The faulty code was incorporated during improvements without existing test scenarios covering this specific error case. The test environment consists of a single HSM at a single location. Because the faulty behavior only manifests when multiple HSMs are connected, the defect was not detected during test runs or ‘cold’ parallel operation.

Remarks

  • “…this specific error case.” What is this specific error case? Future problems are impossible to guard against, but what things did it guard against then?
  • Testing wouldn’t require multiple HSM, those can be faked with SoftHSM… And even so. You’re a TLD, buy another HSM.

Why was the non-validatable zone published?

The .de zone is updated incrementally due to its size. While three different testing and validation tools detected the anomalies (missing or non-validatable signatures) as intended, the generated notifications were not processed correctly, preventing timely intervention.

Remarks

  • “…updated incrementally due to its size.” Not really related, but is this still really a problem, should this not be done differently now a days?
  • Holy shit, “not processed correctly”. How, why, many more words need to be written on this topic. What was tested? How did notification work?

Ruled-out Causes

The comprehensive analysis explicitly ruled out the following:

  • Compromise: No signs of attacks on the signing system or DENIC infrastructure.
  • Software Failure: No malfunction identified in the Knot name server.
  • Hardware Failure: No malfunction identified in the HSMs used.
  • Collision: No classic key-tag collision occurred.

Remarks

  • OK, good to include this.

Impact

Remarks

  • Again, good section to have in a post-mortem.

Technical Impact

The validity of DNS responses in a TLD zone depends on signed NSEC3 records, especially when verifying the absence of a DS record in an unsigned child zone. Non-validatable signatures on NSEC3 records caused validating resolvers to classify delegation information as “bogus”. Consequently, even second-level domains that do not use DNSSEC could not be resolved. Non-validating resolvers were unaffected.

Remarks

  • Nothing to add.

Impact on Users and Duration

Restrictions lasted for approximately three hours. The impact was partially mitigated by operators of large resolvers who temporarily suspended DNSSEC validation for .de domains.

Remarks

  • TIMELINE!

Measures

DENIC has identified measures affecting both software development and DNS operations. Improvements to the code review process have already been implemented.

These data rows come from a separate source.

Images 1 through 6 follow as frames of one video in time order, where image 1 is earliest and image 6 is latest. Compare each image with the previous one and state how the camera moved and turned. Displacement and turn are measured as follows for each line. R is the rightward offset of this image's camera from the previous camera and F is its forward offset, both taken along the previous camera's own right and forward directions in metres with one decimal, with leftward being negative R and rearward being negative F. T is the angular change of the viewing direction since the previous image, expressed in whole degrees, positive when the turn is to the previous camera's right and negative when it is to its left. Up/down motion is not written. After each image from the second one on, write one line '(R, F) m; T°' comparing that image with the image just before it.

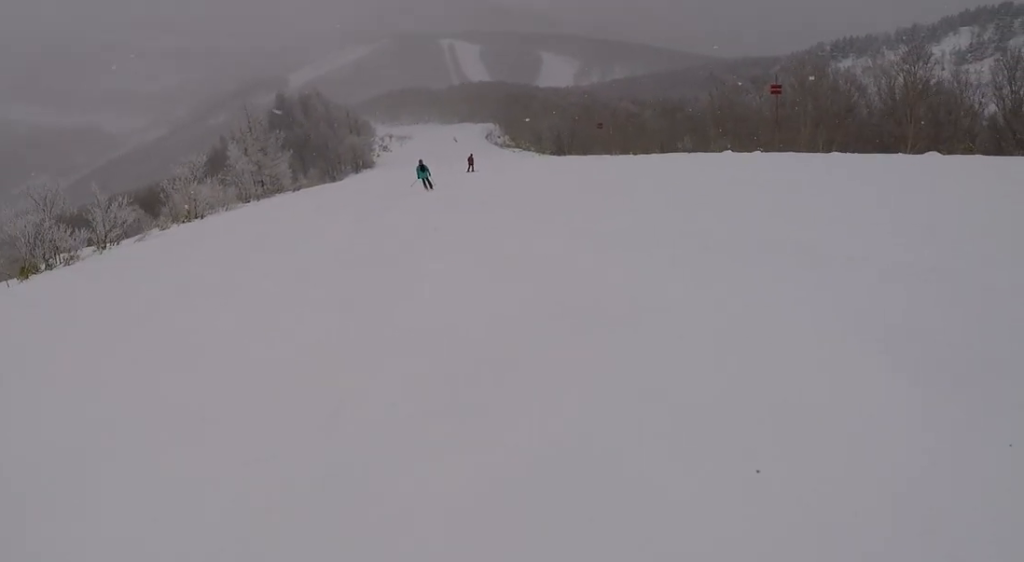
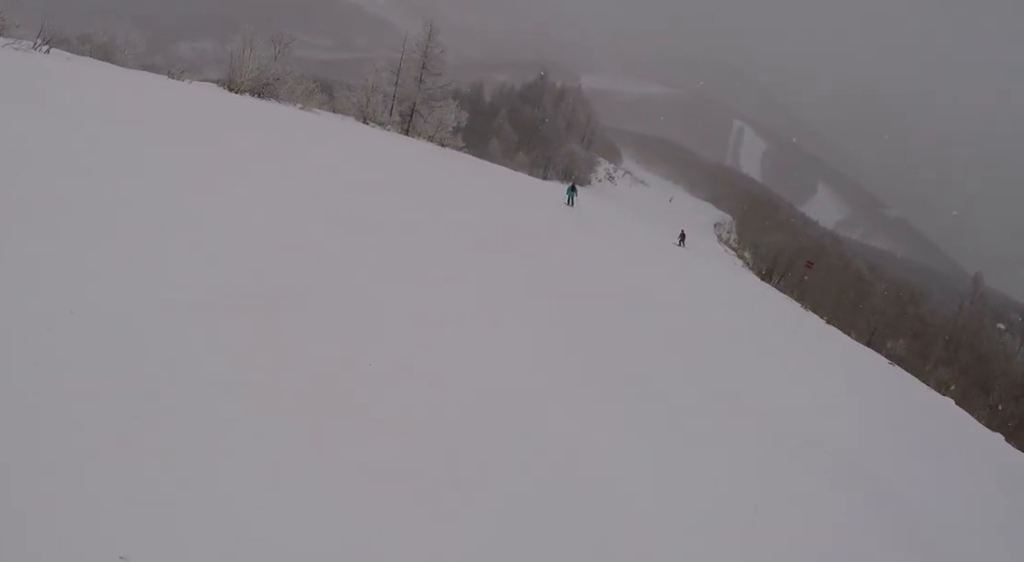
(-0.8, +11.0) m; -18°
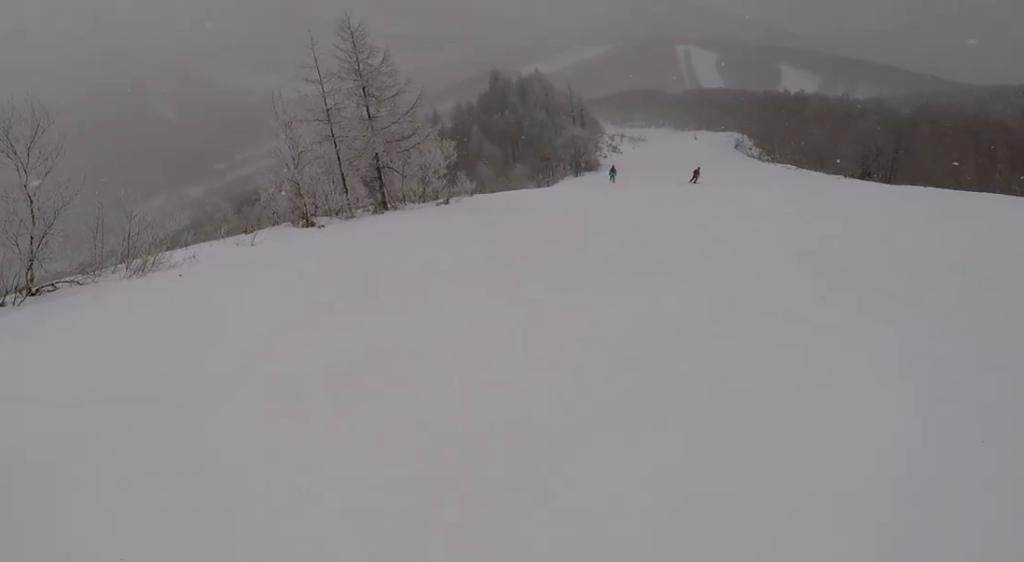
(-1.7, +16.5) m; +10°
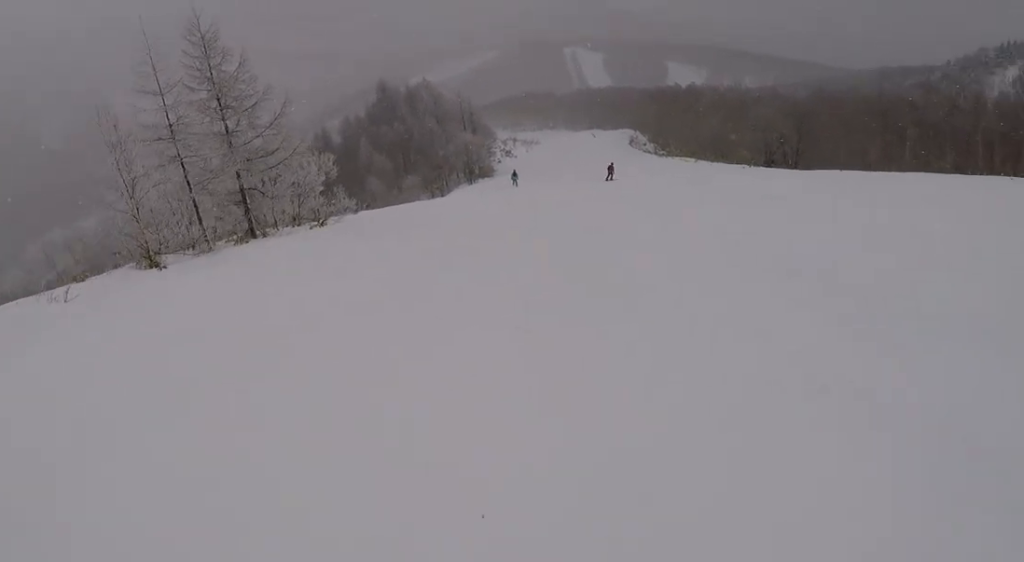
(+0.2, +3.2) m; +7°
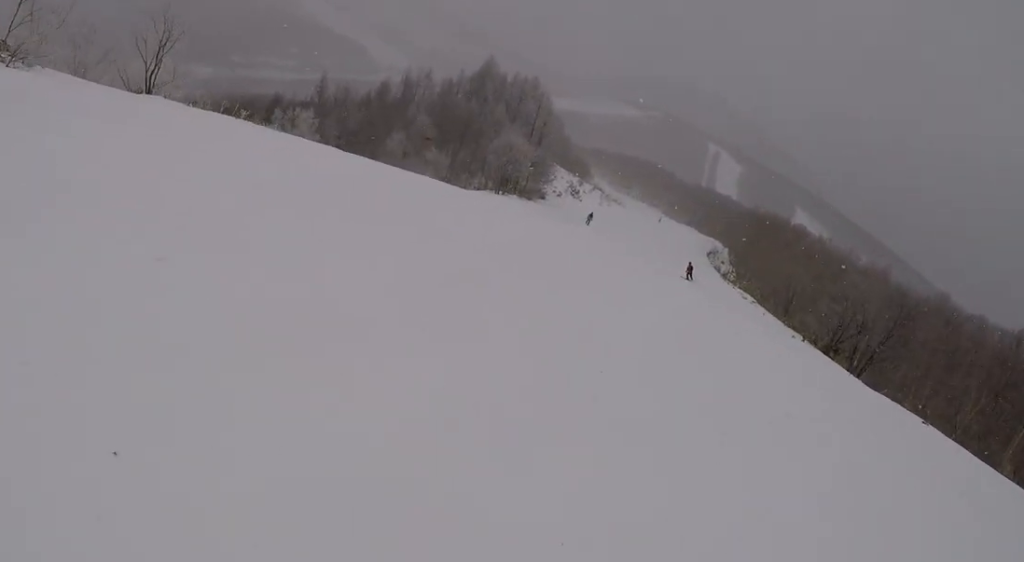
(+2.3, +14.7) m; -4°
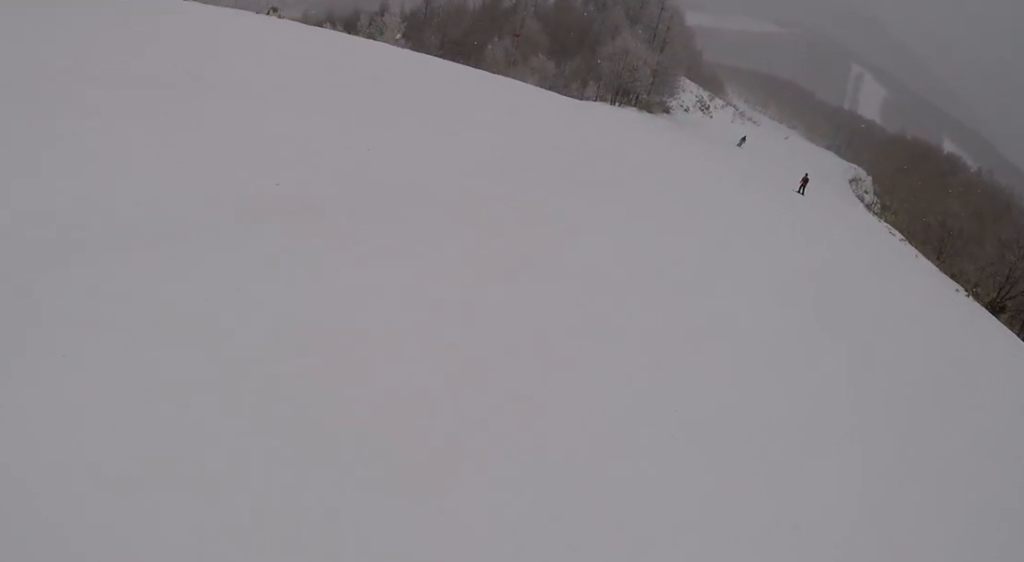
(-1.7, +5.7) m; -17°

Short-term measures include:

  • Enhanced Alerting: Additional alerts based on improved visibility and expanded metrics from validation tools.
  • Accelerated Switchover: A faster procedure to provide a valid zone backup during emergencies.
  • Pre-deployment Validation: Implementing partial validation of the zone prior to deployment.
  • ZSK Rollover Suspension: Halting further ZSK rollovers until security in the software development process and test environment coverage are improved. External Audit: Conducting a final external security and process analysis.

Remarks

Well, lets go over these.

  • “Enhanced alterting”, doesn’t say anything particular, enhanced what? How? From remote vantage points, after the zone is published??
  • “Accelerated Switchover”, the worst possible action, how is this tested? Will this only be used in an emergency or regularly exercised?
  • “Pre-deployment Validation”, this looks like a sane thing to do.
  • “ZSK Rollover Suspension”, OK, understand this one. An actual timeline would be helpful here. For how long?
  • “External audit”, the current code was also audited…. ’nuff said.